**Items from a data source**:
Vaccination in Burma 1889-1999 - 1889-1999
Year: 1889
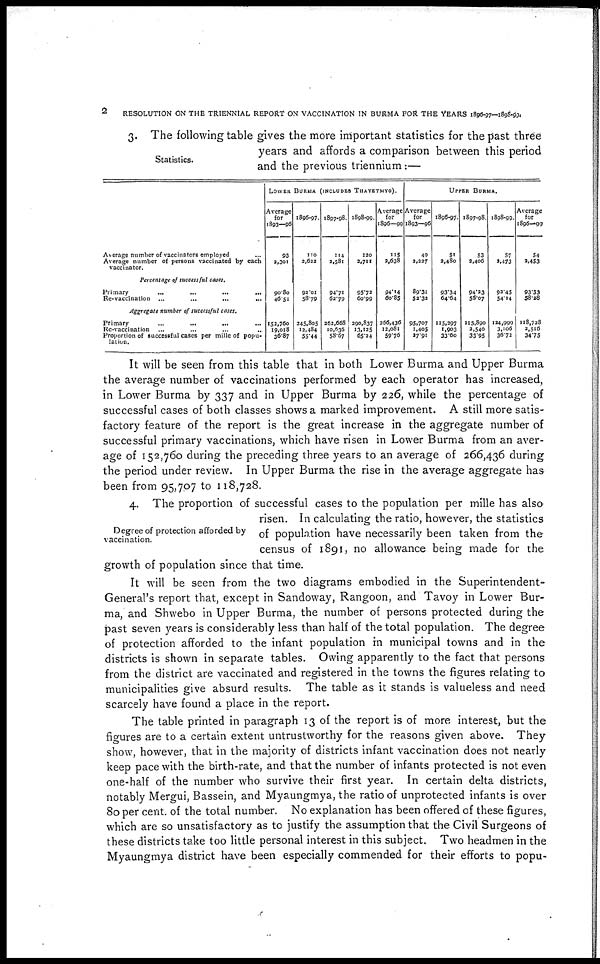
2
RESOLUTION ON THE TRIENNIAL REPORT ON VACCINATION IN BURMA FOR THE YEARS 1896-97—1898-99.
Statistics.
3. The following table gives the more important statistics for the past three
years and affords a comparison between this period
and the previous triennium:—
Average number of vaccinators employed ...
Average number of persons vaccinated by each
vaccinator.
Percentage of successful cases.
Primary ... ... ... ...
Re-vaccination
...
...
...
...
Aggregate number of successful cases.
Primary
...
...
...
...
Re-vaccination ... ... ... ...
Proportion of successful cases per mille of popu-
lation.
LOWER BURMA (INCLUDES THAYETMYO).
Average
for
1893—96
93
2,301
90.80
46.51
152,760
19,018
36.87
1896-97.
110
2,622
92.01
58.79
245,805
12,484
55.44
1897-98.
114
2,581
94.71
62.79
262,668
10,636
58.67
1898-99.
120
2,711
95.73
60.99
290,837
13,125
65.24
Average
for
1896—99
115
2,638
94.14
60.85
266,436
12,081
59.76
UPPER BURMA.
Average
for
1893—96
49
2,227
89.31
52.32
95,707
1,405
37.91
1896-97.
51
2,480
93.34
64.64
115,297
1,903
33.60
1897-98.
53
2,406
94.23
55.07
115,890
3,540
33.95
1898-99.
57
2,473
92.45
54.14
124,999
3,106
36.72
Average
for
1896—99
54
2,453
93.53
58.28
118,728
3,516
34.75
It will be seen from this table that in both Lower Burma and Upper Burma
the average number of vaccinations performed by each operator has increased,
in Lower Burma by 337 and in Upper Burma by 226, while the percentage of
successful cases of both classes shows a marked improvement. A still more satis-
factory feature of the report is the great increase in the aggregate number of
successful primary vaccinations, which have risen in Lower Burma from an aver-
age of 152,760 during the preceding three years to an average of 266,436 during
the period under review. In Upper Burma the rise in the average aggregate has
been from 95,707 to 118,728.
Degree of protection afforded by
vaccination.
4. The proportion of successful cases to the population per mille has also
risen. In calculating the ratio, however, the statistics
of population have necessarily been taken from the
census of 1891, no allowance being made for the
growth of population since that time.
It will be seen from the two diagrams embodied in the Superintendent-
General's report that, except in Sandoway, Rangoon, and Tavoy in Lower Bur-
ma, and Shwebo in Upper Burma, the number of persons protected during the
past seven years is considerably less than half of the total population. The degree
of protection afforded to the infant population in municipal towns and in the
districts is shown in separate tables. Owing apparently to the fact that persons
from the district are vaccinated and registered in the towns the figures relating to
municipalities give absurd results. The table as it stands is valueless and need
scarcely have found a place in the report.
The table printed in paragraph 13 of the report is of more interest, but the
figures are to a certain extent untrustworthy for the reasons given above. They
show, however, that in the majority of districts infant vaccination does not nearly
keep pace with the birth-rate, and that the number of infants protected is not even
one-half of the number who survive their first year. In certain delta districts,
notably Mergui, Bassein, and Myaungmya, the ratio of unprotected infants is over
80 per cent. of the total number. No explanation has been offered of these figures,
which are so unsatisfactory as to justify the assumption that the Civil Surgeons of
these districts take too little personal interest in this subject. Two headmen in the
Myaungmya district have been especially commended for their efforts to popu-

**What to work on**:
All of the lines above must be repeated without alteration, though the pictures are to be excluded.

**Answer space**:
Vaccination in Burma 1889-1999 - 1889-1999
Year: 1889
2
RESOLUTION ON THE TRIENNIAL REPORT ON VACCINATION IN BURMA FOR THE YEARS 1896-97—1898-99.
Statistics.
3. The following table gives the more important statistics for the past three
years and affords a comparison between this period
and the previous triennium:—
Average number of vaccinators employed ...
Average number of persons vaccinated by each
vaccinator.
Percentage of successful cases.
Primary ... ... ... ...
Re-vaccination
...
...
...
...
Aggregate number of successful cases.
Primary
...
...
...
...
Re-vaccination ... ... ... ...
Proportion of successful cases per mille of popu-
lation.
LOWER BURMA (INCLUDES THAYETMYO).
Average
for
1893—96
93
2,301
90.80
46.51
152,760
19,018
36.87
1896-97.
110
2,622
92.01
58.79
245,805
12,484
55.44
1897-98.
114
2,581
94.71
62.79
262,668
10,636
58.67
1898-99.
120
2,711
95.73
60.99
290,837
13,125
65.24
Average
for
1896—99
115
2,638
94.14
60.85
266,436
12,081
59.76
UPPER BURMA.
Average
for
1893—96
49
2,227
89.31
52.32
95,707
1,405
37.91
1896-97.
51
2,480
93.34
64.64
115,297
1,903
33.60
1897-98.
53
2,406
94.23
55.07
115,890
3,540
33.95
1898-99.
57
2,473
92.45
54.14
124,999
3,106
36.72
Average
for
1896—99
54
2,453
93.53
58.28
118,728
3,516
34.75
It will be seen from this table that in both Lower Burma and Upper Burma
the average number of vaccinations performed by each operator has increased,
in Lower Burma by 337 and in Upper Burma by 226, while the percentage of
successful cases of both classes shows a marked improvement. A still more satis-
factory feature of the report is the great increase in the aggregate number of
successful primary vaccinations, which have risen in Lower Burma from an aver-
age of 152,760 during the preceding three years to an average of 266,436 during
the period under review. In Upper Burma the rise in the average aggregate has
been from 95,707 to 118,728.
Degree of protection afforded by
vaccination.
4. The proportion of successful cases to the population per mille has also
risen. In calculating the ratio, however, the statistics
of population have necessarily been taken from the
census of 1891, no allowance being made for the
growth of population since that time.
It will be seen from the two diagrams embodied in the Superintendent-
General's report that, except in Sandoway, Rangoon, and Tavoy in Lower Bur-
ma, and Shwebo in Upper Burma, the number of persons protected during the
past seven years is considerably less than half of the total population. The degree
of protection afforded to the infant population in municipal towns and in the
districts is shown in separate tables. Owing apparently to the fact that persons
from the district are vaccinated and registered in the towns the figures relating to
municipalities give absurd results. The table as it stands is valueless and need
scarcely have found a place in the report.
The table printed in paragraph 13 of the report is of more interest, but the
figures are to a certain extent untrustworthy for the reasons given above. They
show, however, that in the majority of districts infant vaccination does not nearly
keep pace with the birth-rate, and that the number of infants protected is not even
one-half of the number who survive their first year. In certain delta districts,
notably Mergui, Bassein, and Myaungmya, the ratio of unprotected infants is over
80 per cent. of the total number. No explanation has been offered of these figures,
which are so unsatisfactory as to justify the assumption that the Civil Surgeons of
these districts take too little personal interest in this subject. Two headmen in the
Myaungmya district have been especially commended for their efforts to popu-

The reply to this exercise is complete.